**ASSIGNMENT**.
Could you filter the records below down to the lines that include the word "nodes"?

**GIVEN RECORDS**.
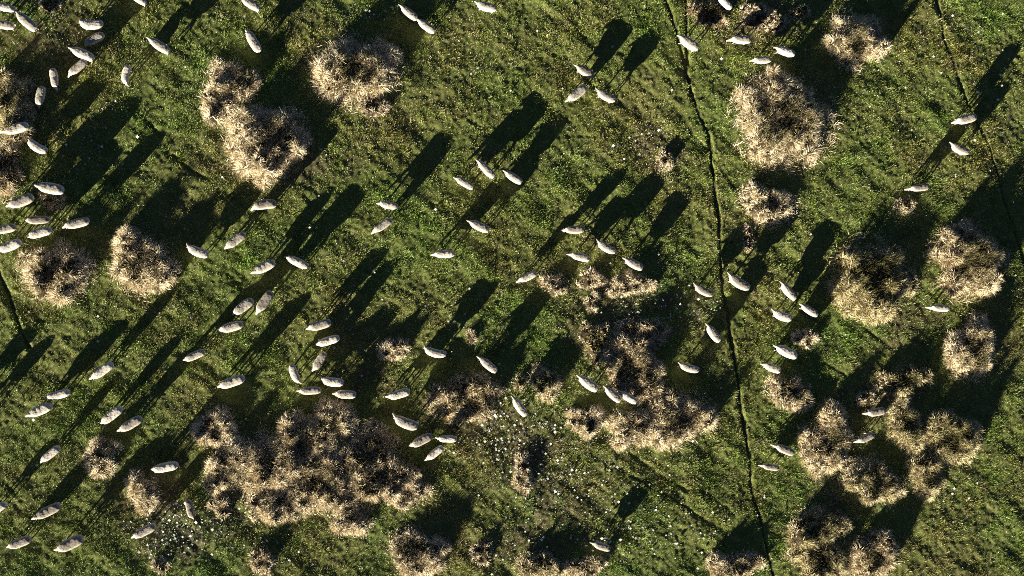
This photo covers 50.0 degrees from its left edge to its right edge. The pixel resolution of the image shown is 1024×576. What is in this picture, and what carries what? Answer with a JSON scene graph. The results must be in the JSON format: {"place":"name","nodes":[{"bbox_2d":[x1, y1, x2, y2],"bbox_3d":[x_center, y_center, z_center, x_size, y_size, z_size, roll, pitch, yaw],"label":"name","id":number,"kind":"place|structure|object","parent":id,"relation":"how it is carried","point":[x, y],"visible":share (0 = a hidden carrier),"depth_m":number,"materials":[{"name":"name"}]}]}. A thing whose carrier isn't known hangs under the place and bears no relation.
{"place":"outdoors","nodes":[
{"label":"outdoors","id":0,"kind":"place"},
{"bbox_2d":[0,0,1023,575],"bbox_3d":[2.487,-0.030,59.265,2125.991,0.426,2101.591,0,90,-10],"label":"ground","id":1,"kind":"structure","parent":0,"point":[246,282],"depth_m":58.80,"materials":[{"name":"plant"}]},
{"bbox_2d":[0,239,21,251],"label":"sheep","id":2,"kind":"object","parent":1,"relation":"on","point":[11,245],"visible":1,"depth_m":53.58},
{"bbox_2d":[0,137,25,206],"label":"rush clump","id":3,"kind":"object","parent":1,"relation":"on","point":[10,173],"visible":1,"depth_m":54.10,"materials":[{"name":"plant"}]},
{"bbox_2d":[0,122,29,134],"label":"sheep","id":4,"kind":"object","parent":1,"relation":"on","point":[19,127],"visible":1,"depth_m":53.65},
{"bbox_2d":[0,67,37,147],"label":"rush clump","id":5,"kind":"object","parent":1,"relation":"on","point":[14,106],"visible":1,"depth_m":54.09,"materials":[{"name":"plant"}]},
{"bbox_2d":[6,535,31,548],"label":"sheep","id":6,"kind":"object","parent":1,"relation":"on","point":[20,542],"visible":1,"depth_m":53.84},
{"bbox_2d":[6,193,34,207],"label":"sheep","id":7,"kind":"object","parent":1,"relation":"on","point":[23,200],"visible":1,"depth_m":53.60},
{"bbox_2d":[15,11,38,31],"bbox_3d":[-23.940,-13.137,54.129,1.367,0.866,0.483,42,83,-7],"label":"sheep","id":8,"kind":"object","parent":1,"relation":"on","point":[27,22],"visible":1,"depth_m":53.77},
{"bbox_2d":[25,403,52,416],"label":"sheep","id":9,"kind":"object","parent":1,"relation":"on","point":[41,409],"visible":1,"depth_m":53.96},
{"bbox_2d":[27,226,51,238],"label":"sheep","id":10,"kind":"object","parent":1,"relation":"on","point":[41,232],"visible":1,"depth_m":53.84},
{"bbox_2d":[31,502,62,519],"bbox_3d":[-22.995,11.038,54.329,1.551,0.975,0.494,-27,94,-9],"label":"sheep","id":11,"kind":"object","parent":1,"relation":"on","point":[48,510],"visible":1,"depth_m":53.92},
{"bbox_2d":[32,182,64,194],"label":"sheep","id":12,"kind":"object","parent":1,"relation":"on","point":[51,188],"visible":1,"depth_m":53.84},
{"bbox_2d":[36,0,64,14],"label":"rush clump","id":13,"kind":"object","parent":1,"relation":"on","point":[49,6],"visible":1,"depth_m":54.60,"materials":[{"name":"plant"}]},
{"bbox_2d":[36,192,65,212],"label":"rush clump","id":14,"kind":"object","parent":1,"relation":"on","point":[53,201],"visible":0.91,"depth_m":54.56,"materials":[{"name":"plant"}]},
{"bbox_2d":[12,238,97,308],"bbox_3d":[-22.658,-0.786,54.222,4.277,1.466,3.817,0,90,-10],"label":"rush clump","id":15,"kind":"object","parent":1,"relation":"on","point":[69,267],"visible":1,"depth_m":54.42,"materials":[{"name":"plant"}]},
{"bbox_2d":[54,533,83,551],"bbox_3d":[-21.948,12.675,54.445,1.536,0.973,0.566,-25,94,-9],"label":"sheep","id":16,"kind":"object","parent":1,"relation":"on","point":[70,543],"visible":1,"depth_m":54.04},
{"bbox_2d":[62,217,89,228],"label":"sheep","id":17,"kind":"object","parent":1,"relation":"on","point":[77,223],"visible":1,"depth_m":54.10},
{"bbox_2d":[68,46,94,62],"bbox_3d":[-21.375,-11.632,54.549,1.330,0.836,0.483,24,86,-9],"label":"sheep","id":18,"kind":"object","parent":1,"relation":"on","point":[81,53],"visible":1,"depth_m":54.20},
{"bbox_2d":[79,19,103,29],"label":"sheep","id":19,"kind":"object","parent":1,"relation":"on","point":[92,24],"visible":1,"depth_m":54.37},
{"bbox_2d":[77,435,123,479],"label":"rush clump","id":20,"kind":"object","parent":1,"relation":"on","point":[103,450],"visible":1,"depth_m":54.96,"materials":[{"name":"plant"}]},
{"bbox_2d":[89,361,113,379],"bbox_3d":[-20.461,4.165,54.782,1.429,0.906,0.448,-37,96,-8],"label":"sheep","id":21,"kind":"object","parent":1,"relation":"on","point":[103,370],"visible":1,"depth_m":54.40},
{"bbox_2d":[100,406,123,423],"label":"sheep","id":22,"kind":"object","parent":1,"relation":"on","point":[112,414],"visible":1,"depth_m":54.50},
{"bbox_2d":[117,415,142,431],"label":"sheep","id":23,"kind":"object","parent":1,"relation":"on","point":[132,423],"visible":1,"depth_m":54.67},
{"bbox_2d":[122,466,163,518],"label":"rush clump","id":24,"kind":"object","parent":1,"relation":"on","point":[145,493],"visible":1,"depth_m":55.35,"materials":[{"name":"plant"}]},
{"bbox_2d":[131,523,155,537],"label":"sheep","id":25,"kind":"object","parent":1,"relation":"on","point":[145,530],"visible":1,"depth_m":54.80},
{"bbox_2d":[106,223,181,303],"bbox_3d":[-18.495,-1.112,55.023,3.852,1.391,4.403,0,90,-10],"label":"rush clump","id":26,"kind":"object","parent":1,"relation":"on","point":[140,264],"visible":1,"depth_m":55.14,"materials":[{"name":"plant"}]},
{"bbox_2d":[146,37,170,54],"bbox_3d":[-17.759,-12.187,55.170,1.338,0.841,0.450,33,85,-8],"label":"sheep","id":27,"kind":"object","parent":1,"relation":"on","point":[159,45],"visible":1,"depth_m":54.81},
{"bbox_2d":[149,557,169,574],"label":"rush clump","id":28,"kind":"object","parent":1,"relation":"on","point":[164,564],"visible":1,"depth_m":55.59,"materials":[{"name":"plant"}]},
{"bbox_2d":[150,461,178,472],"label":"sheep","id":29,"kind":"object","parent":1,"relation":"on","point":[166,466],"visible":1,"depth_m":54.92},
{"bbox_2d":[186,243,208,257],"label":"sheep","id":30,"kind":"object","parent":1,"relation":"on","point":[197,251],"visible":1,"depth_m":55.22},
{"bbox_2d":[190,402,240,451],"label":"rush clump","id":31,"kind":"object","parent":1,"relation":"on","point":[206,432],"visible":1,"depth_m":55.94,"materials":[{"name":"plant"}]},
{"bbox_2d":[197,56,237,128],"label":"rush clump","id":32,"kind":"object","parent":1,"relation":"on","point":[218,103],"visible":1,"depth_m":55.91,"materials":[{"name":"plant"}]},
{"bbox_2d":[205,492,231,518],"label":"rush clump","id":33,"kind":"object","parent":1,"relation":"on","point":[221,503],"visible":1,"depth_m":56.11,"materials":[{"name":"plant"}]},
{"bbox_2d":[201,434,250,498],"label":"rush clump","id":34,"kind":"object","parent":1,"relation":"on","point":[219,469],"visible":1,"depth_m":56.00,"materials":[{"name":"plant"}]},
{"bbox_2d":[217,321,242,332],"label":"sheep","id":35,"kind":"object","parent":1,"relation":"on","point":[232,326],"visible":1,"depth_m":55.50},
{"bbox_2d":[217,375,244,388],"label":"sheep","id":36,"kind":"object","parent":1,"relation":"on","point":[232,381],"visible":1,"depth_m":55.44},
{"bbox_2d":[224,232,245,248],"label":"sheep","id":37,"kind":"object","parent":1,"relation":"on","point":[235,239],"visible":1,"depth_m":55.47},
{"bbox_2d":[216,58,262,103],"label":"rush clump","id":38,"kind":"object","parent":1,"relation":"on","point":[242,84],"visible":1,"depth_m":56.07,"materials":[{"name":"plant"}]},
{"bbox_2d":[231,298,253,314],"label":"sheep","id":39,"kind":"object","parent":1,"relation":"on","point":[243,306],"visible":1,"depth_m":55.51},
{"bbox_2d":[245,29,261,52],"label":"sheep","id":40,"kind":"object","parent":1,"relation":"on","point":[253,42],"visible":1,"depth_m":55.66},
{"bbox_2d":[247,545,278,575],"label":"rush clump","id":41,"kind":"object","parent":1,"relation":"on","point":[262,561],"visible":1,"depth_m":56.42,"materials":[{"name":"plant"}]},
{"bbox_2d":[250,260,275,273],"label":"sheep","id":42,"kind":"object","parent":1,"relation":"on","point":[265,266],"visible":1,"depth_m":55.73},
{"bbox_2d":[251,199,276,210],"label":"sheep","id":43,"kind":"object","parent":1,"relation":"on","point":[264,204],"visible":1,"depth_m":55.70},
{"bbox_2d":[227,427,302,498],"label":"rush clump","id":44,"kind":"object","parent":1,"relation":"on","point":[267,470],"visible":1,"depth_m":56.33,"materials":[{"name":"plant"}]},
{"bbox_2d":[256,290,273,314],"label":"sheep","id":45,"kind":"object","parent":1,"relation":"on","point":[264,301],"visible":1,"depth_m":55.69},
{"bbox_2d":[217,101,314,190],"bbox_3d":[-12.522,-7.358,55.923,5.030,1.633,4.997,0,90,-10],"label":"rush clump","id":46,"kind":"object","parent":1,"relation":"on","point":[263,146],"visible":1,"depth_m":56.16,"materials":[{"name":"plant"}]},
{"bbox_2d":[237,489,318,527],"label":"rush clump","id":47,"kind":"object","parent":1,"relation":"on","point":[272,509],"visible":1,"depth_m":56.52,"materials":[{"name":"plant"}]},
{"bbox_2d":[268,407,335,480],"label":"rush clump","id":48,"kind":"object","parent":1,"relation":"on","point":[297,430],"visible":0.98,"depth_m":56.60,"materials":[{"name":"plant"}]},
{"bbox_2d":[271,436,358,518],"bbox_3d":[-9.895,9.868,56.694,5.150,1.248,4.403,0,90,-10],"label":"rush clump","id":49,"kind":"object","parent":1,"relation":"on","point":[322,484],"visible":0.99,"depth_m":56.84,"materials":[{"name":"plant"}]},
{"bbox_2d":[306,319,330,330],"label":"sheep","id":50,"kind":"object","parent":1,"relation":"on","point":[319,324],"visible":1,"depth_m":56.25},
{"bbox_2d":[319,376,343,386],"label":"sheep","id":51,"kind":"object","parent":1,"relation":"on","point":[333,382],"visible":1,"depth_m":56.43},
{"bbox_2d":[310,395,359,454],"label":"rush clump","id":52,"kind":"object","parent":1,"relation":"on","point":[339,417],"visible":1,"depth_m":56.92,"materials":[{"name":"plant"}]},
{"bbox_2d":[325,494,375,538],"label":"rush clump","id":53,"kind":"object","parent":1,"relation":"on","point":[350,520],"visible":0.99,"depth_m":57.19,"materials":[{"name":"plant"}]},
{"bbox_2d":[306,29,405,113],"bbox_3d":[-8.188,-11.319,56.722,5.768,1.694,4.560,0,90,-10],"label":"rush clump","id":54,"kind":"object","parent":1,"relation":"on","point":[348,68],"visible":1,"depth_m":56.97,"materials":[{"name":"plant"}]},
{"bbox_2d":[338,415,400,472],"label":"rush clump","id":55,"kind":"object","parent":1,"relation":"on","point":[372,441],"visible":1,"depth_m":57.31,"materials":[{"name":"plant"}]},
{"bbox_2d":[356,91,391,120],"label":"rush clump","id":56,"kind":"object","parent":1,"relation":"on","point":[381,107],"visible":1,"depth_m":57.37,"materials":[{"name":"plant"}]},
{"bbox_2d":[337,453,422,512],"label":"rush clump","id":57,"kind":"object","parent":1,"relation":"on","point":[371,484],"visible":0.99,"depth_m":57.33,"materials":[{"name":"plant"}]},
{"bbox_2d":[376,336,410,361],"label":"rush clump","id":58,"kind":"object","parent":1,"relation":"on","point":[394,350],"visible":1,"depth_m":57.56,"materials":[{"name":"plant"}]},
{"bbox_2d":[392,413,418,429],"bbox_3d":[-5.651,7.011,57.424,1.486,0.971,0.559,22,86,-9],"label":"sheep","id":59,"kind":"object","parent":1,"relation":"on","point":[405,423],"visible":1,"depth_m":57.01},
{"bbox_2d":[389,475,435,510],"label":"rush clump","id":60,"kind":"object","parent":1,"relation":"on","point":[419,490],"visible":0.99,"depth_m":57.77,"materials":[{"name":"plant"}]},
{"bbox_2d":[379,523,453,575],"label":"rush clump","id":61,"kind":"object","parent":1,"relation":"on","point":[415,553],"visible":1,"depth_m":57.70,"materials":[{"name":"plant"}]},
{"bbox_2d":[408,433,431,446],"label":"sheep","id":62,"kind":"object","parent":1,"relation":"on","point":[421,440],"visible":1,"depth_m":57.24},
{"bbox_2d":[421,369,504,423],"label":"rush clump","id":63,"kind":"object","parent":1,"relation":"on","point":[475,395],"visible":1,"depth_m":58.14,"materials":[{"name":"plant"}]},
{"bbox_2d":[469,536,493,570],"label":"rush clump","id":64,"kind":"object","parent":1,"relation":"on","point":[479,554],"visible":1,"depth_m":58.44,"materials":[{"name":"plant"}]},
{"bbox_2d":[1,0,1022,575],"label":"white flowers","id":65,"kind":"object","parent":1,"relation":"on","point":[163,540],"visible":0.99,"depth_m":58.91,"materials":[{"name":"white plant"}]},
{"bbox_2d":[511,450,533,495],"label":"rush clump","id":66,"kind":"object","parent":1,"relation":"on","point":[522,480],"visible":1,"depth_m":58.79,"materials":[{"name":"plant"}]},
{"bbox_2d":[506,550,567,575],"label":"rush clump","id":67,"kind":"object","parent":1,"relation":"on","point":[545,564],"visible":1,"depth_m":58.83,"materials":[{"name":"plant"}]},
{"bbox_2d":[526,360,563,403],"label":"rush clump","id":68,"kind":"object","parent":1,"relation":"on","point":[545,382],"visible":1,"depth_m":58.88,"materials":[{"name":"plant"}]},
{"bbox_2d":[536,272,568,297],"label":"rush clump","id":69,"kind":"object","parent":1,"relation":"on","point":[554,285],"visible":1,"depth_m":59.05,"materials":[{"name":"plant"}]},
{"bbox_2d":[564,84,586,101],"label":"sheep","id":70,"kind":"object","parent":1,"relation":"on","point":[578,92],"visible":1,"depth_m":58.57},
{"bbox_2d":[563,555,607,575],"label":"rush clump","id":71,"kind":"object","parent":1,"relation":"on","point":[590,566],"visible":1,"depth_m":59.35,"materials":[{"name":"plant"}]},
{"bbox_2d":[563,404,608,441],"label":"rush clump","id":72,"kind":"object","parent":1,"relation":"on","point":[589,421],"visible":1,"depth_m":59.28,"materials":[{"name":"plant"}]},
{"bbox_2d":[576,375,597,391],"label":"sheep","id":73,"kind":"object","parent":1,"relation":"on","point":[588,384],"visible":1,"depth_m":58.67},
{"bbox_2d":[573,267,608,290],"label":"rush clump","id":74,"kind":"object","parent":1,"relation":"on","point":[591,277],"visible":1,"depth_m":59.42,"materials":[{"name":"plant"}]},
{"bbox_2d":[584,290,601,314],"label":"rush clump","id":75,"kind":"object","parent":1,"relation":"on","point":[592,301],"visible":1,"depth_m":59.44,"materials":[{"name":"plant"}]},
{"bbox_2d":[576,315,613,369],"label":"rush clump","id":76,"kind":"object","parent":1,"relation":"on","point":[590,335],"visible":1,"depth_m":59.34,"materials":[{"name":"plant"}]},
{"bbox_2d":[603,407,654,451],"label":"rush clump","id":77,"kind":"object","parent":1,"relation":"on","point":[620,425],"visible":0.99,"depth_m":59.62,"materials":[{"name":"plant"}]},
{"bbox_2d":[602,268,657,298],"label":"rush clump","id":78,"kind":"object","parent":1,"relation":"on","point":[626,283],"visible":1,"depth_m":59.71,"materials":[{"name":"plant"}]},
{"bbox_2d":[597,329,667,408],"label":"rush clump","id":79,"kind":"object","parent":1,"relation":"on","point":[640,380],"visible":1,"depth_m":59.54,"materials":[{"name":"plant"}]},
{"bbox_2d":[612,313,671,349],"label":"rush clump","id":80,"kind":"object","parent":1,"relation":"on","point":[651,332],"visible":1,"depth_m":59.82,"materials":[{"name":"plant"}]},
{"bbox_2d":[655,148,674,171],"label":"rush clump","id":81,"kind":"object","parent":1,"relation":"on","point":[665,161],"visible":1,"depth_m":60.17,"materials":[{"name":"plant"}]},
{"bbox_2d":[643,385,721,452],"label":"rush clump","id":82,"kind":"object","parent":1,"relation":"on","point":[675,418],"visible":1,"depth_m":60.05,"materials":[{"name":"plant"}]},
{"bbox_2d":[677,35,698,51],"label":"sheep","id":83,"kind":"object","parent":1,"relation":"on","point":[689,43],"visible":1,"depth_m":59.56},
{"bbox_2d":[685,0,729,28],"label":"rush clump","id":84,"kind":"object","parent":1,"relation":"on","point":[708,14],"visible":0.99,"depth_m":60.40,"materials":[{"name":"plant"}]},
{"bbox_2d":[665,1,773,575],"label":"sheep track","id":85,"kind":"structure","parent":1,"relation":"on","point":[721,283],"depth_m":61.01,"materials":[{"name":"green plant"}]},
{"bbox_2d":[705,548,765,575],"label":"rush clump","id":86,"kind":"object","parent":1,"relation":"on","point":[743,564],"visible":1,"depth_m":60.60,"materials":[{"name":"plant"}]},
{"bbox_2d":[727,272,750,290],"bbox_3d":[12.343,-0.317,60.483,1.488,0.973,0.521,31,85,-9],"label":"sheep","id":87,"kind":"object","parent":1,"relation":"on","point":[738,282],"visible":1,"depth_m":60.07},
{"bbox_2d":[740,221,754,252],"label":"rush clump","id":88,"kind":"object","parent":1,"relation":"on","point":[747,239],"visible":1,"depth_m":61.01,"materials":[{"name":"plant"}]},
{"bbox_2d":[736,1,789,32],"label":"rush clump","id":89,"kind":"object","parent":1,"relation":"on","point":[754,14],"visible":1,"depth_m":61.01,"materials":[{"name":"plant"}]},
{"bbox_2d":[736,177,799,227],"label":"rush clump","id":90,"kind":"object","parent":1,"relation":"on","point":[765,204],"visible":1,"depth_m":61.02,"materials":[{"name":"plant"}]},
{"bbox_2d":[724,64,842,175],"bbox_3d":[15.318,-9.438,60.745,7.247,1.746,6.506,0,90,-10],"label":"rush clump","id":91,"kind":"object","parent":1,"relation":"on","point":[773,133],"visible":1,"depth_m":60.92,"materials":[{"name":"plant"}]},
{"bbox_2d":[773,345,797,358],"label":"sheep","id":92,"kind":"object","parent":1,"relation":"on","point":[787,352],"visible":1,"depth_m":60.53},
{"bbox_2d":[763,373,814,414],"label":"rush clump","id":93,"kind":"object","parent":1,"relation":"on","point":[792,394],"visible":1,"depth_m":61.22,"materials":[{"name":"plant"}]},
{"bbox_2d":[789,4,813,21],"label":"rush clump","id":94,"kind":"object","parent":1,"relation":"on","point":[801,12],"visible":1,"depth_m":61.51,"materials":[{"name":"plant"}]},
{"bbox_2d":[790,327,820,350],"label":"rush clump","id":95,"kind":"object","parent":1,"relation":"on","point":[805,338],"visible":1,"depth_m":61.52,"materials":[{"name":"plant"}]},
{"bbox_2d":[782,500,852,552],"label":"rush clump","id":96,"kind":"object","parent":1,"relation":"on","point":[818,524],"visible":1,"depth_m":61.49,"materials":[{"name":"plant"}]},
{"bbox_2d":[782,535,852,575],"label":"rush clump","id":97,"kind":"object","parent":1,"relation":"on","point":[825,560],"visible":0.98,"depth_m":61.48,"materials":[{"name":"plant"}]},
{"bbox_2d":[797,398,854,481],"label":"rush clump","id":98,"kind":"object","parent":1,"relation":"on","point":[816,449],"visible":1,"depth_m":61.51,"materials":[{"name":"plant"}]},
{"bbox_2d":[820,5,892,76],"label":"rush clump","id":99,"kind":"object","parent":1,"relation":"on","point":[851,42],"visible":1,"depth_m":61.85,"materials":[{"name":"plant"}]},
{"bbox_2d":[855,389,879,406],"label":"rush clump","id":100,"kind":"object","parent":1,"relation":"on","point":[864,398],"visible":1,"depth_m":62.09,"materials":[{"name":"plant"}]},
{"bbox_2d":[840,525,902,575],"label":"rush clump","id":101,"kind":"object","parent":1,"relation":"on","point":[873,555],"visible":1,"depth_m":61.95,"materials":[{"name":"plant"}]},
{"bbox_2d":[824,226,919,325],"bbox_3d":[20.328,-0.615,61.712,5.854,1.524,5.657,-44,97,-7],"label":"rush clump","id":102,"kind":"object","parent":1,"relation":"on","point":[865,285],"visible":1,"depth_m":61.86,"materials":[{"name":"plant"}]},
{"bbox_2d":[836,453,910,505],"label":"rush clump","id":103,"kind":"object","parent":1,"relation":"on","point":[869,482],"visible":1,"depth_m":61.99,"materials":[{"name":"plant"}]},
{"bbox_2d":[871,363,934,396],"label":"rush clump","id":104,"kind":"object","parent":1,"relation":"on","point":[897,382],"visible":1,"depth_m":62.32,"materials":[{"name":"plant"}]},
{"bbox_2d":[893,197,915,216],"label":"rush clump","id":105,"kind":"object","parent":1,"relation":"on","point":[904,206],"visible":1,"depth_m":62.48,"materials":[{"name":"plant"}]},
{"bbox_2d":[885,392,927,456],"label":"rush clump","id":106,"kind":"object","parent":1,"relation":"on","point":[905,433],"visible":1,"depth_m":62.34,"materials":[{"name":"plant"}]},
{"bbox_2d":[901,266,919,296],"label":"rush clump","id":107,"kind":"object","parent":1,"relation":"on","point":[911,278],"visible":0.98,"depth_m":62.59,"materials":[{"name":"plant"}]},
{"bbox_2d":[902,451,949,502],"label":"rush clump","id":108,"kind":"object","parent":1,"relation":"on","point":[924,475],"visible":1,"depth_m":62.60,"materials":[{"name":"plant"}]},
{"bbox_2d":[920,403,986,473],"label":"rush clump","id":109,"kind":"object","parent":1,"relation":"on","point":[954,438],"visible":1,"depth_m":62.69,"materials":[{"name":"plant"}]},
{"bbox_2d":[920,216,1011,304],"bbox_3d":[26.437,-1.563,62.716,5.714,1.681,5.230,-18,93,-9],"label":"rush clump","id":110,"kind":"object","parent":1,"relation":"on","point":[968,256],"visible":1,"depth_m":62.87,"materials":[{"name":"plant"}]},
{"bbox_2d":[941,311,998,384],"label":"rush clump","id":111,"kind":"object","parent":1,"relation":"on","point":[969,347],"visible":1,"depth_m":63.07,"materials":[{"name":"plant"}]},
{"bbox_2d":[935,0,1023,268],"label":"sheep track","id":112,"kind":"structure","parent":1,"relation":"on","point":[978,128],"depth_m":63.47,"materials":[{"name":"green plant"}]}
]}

**RESULT FOR THIS EXERCISE**.
This photo covers 50.0 degrees from its left edge to its right edge. The pixel resolution of the image shown is 1024×576. What is in this picture, and what carries what? Answer with a JSON scene graph. The results must be in the JSON format: {"place":"name","nodes":[{"bbox_2d":[x1, y1, x2, y2],"bbox_3d":[x_center, y_center, z_center, x_size, y_size, z_size, roll, pitch, yaw],"label":"name","id":number,"kind":"place|structure|object","parent":id,"relation":"how it is carried","point":[x, y],"visible":share (0 = a hidden carrier),"depth_m":number,"materials":[{"name":"name"}]}]}. A thing whose carrier isn't known hangs under the place and bears no relation.
{"place":"outdoors","nodes":[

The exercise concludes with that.